▶ [What you have to do]
Find the word "linejoin" in the listing below, then return every line it appears in.

▶ [The records]
* * * *

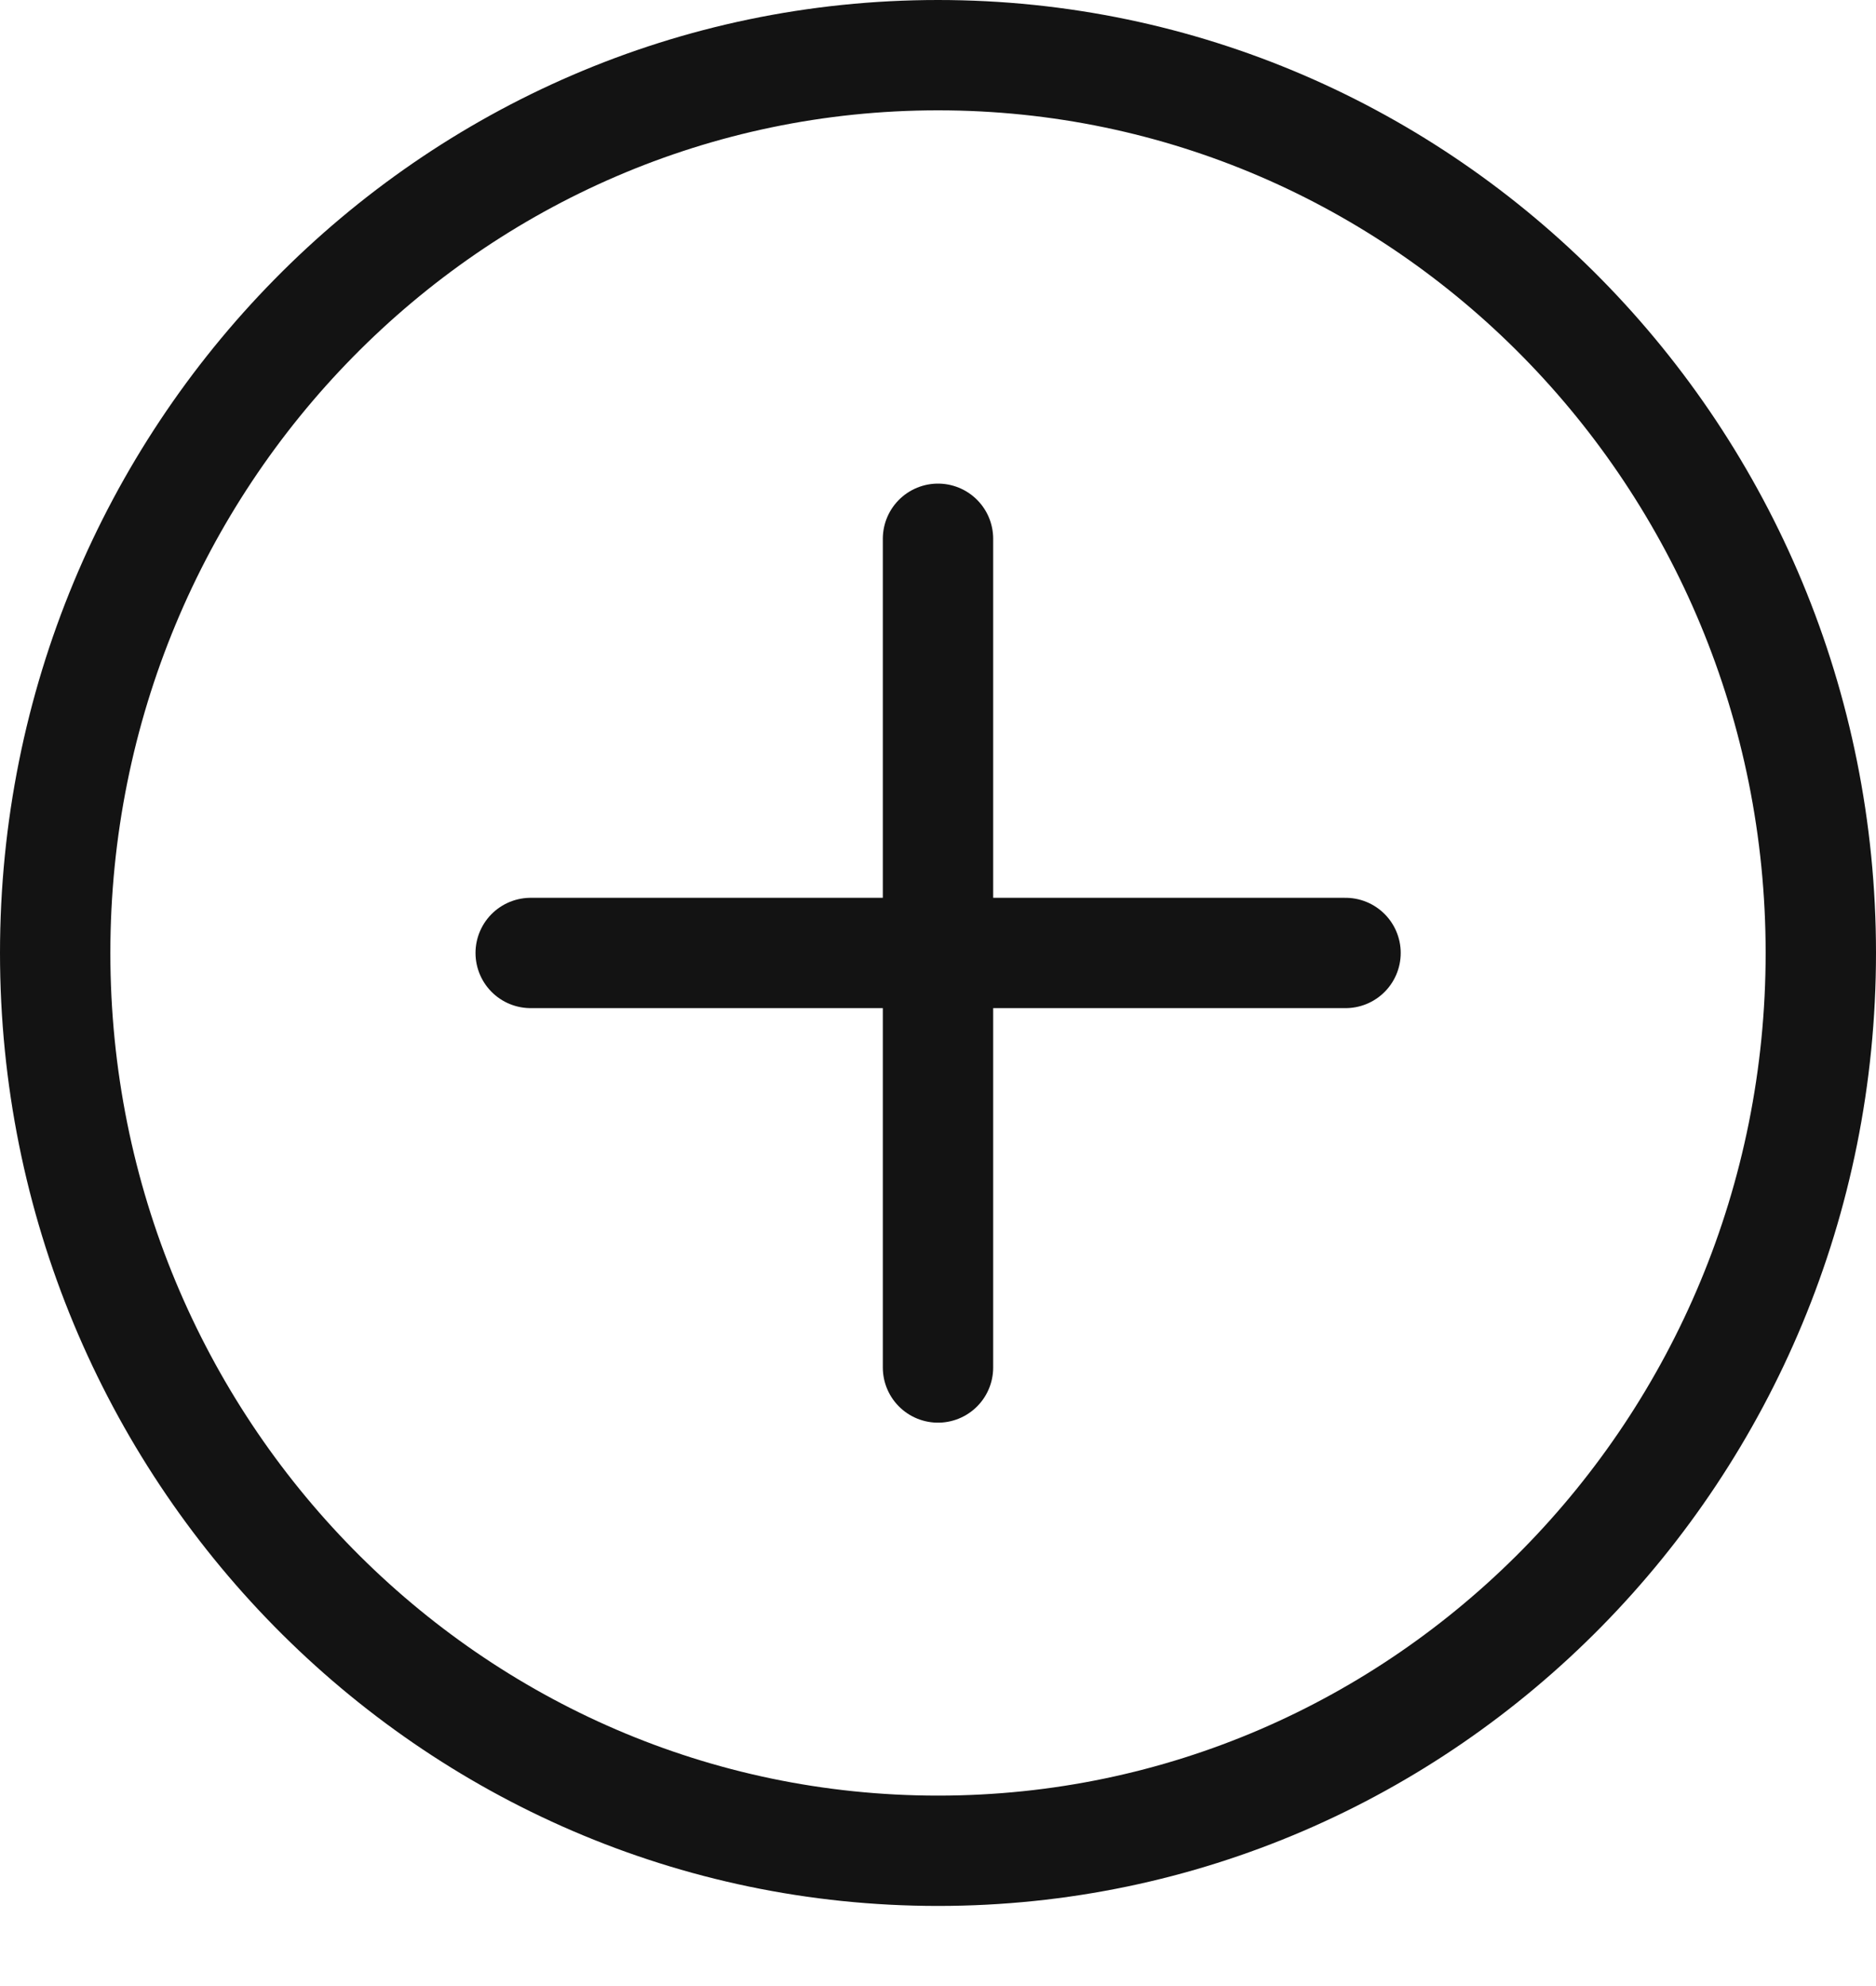 <svg width="17" height="18" viewBox="0 0 17 18" fill="none" xmlns="http://www.w3.org/2000/svg">
<path d="M8.5 16.774C12.918 16.774 16.5 13.131 16.5 8.637C16.5 4.143 12.918 0.5 8.5 0.5C4.082 0.5 0.5 4.143 0.5 8.637C0.5 13.131 4.082 16.774 8.5 16.774Z" stroke="#131313" stroke-linecap="round" stroke-linejoin="round"/>
<path d="M8.5 4.883V12.394" stroke="#131313" stroke-linecap="round" stroke-linejoin="round"/>
<path d="M4.809 8.637H12.193" stroke="#131313" stroke-linecap="round" stroke-linejoin="round"/>
</svg>
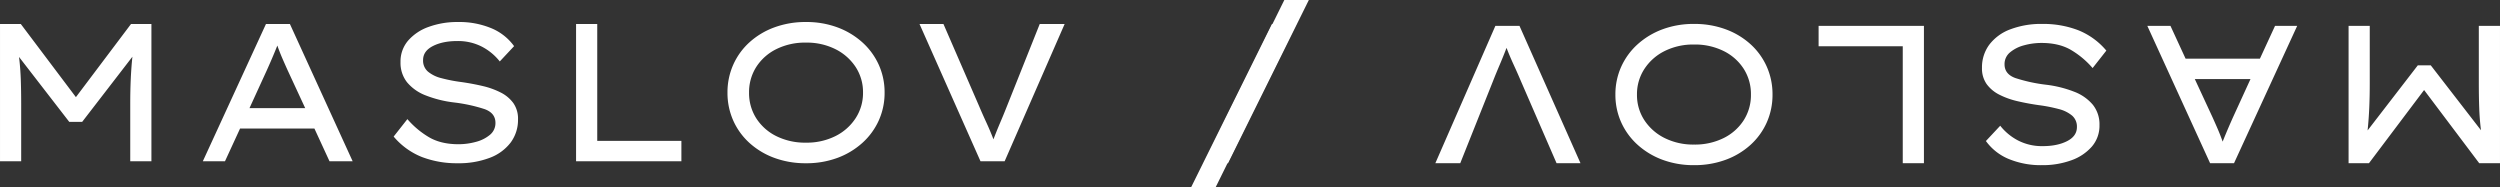 <?xml version="1.0" encoding="UTF-8"?> <svg xmlns="http://www.w3.org/2000/svg" width="1440.293" height="107.832" viewBox="0 0 1440.293 107.832"><rect x="0" y="0" width="1440.293" height="107.832" fill="#333333" stroke="none"/> <g id="Group_7" data-name="Group 7" transform="translate(-9756.853 -76.084)"> <path id="Path_1" data-name="Path 1" d="M29.832-79.1,61.585-36.951,93.338-79.1H105.09V0h-12.2V-33.222q0-7.345.283-13.9t.961-13.108L65.2-22.713H57.743l-28.928-37.4q.791,6.441,1.017,12.995t.226,13.9V0h-12.2V-79.1ZM207.694,0l-8.7-18.871H156.166L147.465,0H134.7l36.386-79.1h13.786L221.028,0ZM171.421-52.093l-9.831,21.47h32.092l-10.17-21.922q-1.582-3.5-3.051-6.893t-2.825-7.232q-1.582,3.955-3.107,7.515T171.421-52.093Zm81.134,27.8a49.811,49.811,0,0,0,12.882,10.678q6.78,3.786,16.5,3.786a37.856,37.856,0,0,0,10.113-1.356,20.663,20.663,0,0,0,8.079-4.068,8.681,8.681,0,0,0,3.164-6.893q0-5.65-6.271-7.91A91.885,91.885,0,0,0,279.336-33.9a65.83,65.83,0,0,1-16.272-4.068,26.066,26.066,0,0,1-10.678-7.514,18.021,18.021,0,0,1-3.786-11.7,18.376,18.376,0,0,1,4.407-12.374,28.1,28.1,0,0,1,11.922-7.91A47.9,47.9,0,0,1,281.6-80.23a48.115,48.115,0,0,1,19.436,3.616,30.621,30.621,0,0,1,12.995,10.283l-8.249,8.814a31.7,31.7,0,0,0-10.227-8.475,29.982,29.982,0,0,0-14.294-3.277q-8.362,0-14.012,2.882t-5.65,8.08a8.344,8.344,0,0,0,2.768,6.611,19.294,19.294,0,0,0,7.684,3.785,89.048,89.048,0,0,0,11.583,2.26q6.328.9,12.147,2.26a45.509,45.509,0,0,1,10.452,3.729,20.343,20.343,0,0,1,7.345,6.1,15.531,15.531,0,0,1,2.712,9.379,21.842,21.842,0,0,1-4.237,13.391,26.935,26.935,0,0,1-12.091,8.814A50.076,50.076,0,0,1,281.483,1.13a56.017,56.017,0,0,1-20.622-3.616,41.087,41.087,0,0,1-16.216-11.752ZM410.416-11.752V0H349.735V-79.1h12.2v67.348Zm117.068-27.8a38.481,38.481,0,0,1-3.333,15.99,38.857,38.857,0,0,1-9.436,12.939,44.394,44.394,0,0,1-14.351,8.645A51.235,51.235,0,0,1,482.171,1.13a51.7,51.7,0,0,1-18.25-3.108,43.607,43.607,0,0,1-14.351-8.645,38.531,38.531,0,0,1-9.323-12.939,39.048,39.048,0,0,1-3.277-15.99,39.048,39.048,0,0,1,3.277-15.989,38.531,38.531,0,0,1,9.323-12.939,43.606,43.606,0,0,1,14.351-8.644,51.7,51.7,0,0,1,18.25-3.108,51.235,51.235,0,0,1,18.193,3.108,44.394,44.394,0,0,1,14.351,8.644,38.857,38.857,0,0,1,9.436,12.939A38.481,38.481,0,0,1,527.484-39.55Zm-12.43,0A26.4,26.4,0,0,0,510.816-54.3a29.727,29.727,0,0,0-11.639-10.283,36.834,36.834,0,0,0-17.007-3.786,37.092,37.092,0,0,0-17.12,3.786A28.882,28.882,0,0,0,453.525-54.3,26.928,26.928,0,0,0,449.4-39.55,26.928,26.928,0,0,0,453.525-24.8a28.882,28.882,0,0,0,11.526,10.283,37.092,37.092,0,0,0,17.12,3.785,36.834,36.834,0,0,0,17.007-3.785,29.567,29.567,0,0,0,11.639-10.34A26.476,26.476,0,0,0,515.054-39.55ZM631.218-79.1,596.64,0h-13.9L547.6-79.1h13.786L581.95-31.753q1.808,4.294,4.125,9.323t4.124,9.774q1.808-4.746,3.9-9.662t3.786-9.21L616.867-79.1ZM704.1,14.916,750.659-79.1h14.012L718.228,14.916Z" transform="translate(9738.999 169)" fill="#fff"></path> <path id="Path_2" data-name="Path 2" d="M29.832-79.1,61.585-36.951,93.338-79.1H105.09V0h-12.2V-33.222q0-7.345.283-13.9t.961-13.108L65.2-22.713H57.743l-28.928-37.4q.791,6.441,1.017,12.995t.226,13.9V0h-12.2V-79.1ZM207.694,0l-8.7-18.871H156.166L147.465,0H134.7l36.386-79.1h13.786L221.028,0ZM171.421-52.093l-9.831,21.47h32.092l-10.17-21.922q-1.582-3.5-3.051-6.893t-2.825-7.232q-1.582,3.955-3.107,7.515T171.421-52.093Zm81.134,27.8a49.811,49.811,0,0,0,12.882,10.678q6.78,3.786,16.5,3.786a37.856,37.856,0,0,0,10.113-1.356,20.663,20.663,0,0,0,8.079-4.068,8.681,8.681,0,0,0,3.164-6.893q0-5.65-6.271-7.91A91.885,91.885,0,0,0,279.336-33.9a65.83,65.83,0,0,1-16.272-4.068,26.066,26.066,0,0,1-10.678-7.514,18.021,18.021,0,0,1-3.786-11.7,18.376,18.376,0,0,1,4.407-12.374,28.1,28.1,0,0,1,11.922-7.91A47.9,47.9,0,0,1,281.6-80.23a48.115,48.115,0,0,1,19.436,3.616,30.621,30.621,0,0,1,12.995,10.283l-8.249,8.814a31.7,31.7,0,0,0-10.227-8.475,29.982,29.982,0,0,0-14.294-3.277q-8.362,0-14.012,2.882t-5.65,8.08a8.344,8.344,0,0,0,2.768,6.611,19.294,19.294,0,0,0,7.684,3.785,89.048,89.048,0,0,0,11.583,2.26q6.328.9,12.147,2.26a45.509,45.509,0,0,1,10.452,3.729,20.343,20.343,0,0,1,7.345,6.1,15.531,15.531,0,0,1,2.712,9.379,21.842,21.842,0,0,1-4.237,13.391,26.935,26.935,0,0,1-12.091,8.814A50.076,50.076,0,0,1,281.483,1.13a56.017,56.017,0,0,1-20.622-3.616,41.087,41.087,0,0,1-16.216-11.752ZM410.416-11.752V0H349.735V-79.1h12.2v67.348Zm117.068-27.8a38.481,38.481,0,0,1-3.333,15.99,38.857,38.857,0,0,1-9.436,12.939,44.394,44.394,0,0,1-14.351,8.645A51.235,51.235,0,0,1,482.171,1.13a51.7,51.7,0,0,1-18.25-3.108,43.607,43.607,0,0,1-14.351-8.645,38.531,38.531,0,0,1-9.323-12.939,39.048,39.048,0,0,1-3.277-15.99,39.048,39.048,0,0,1,3.277-15.989,38.531,38.531,0,0,1,9.323-12.939,43.606,43.606,0,0,1,14.351-8.644,51.7,51.7,0,0,1,18.25-3.108,51.235,51.235,0,0,1,18.193,3.108,44.394,44.394,0,0,1,14.351,8.644,38.857,38.857,0,0,1,9.436,12.939A38.481,38.481,0,0,1,527.484-39.55Zm-12.43,0A26.4,26.4,0,0,0,510.816-54.3a29.727,29.727,0,0,0-11.639-10.283,36.834,36.834,0,0,0-17.007-3.786,37.092,37.092,0,0,0-17.12,3.786A28.882,28.882,0,0,0,453.525-54.3,26.928,26.928,0,0,0,449.4-39.55,26.928,26.928,0,0,0,453.525-24.8a28.882,28.882,0,0,0,11.526,10.283,37.092,37.092,0,0,0,17.12,3.785,36.834,36.834,0,0,0,17.007-3.785,29.567,29.567,0,0,0,11.639-10.34A26.476,26.476,0,0,0,515.054-39.55ZM631.218-79.1,596.64,0h-13.9L547.6-79.1h13.786L581.95-31.753q1.808,4.294,4.125,9.323t4.124,9.774q1.808-4.746,3.9-9.662t3.786-9.21L616.867-79.1ZM704.1,14.916,750.659-79.1h14.012L718.228,14.916Z" transform="translate(11214.999 91) rotate(180)" fill="#fff"></path> </g> </svg>

* * * *

▶ [Exercise output]
<path d="M8.5 16.774C12.918 16.774 16.5 13.131 16.5 8.637C16.5 4.143 12.918 0.5 8.5 0.5C4.082 0.5 0.5 4.143 0.5 8.637C0.5 13.131 4.082 16.774 8.5 16.774Z" stroke="#131313" stroke-linecap="round" stroke-linejoin="round"/>
<path d="M8.5 4.883V12.394" stroke="#131313" stroke-linecap="round" stroke-linejoin="round"/>
<path d="M4.809 8.637H12.193" stroke="#131313" stroke-linecap="round" stroke-linejoin="round"/>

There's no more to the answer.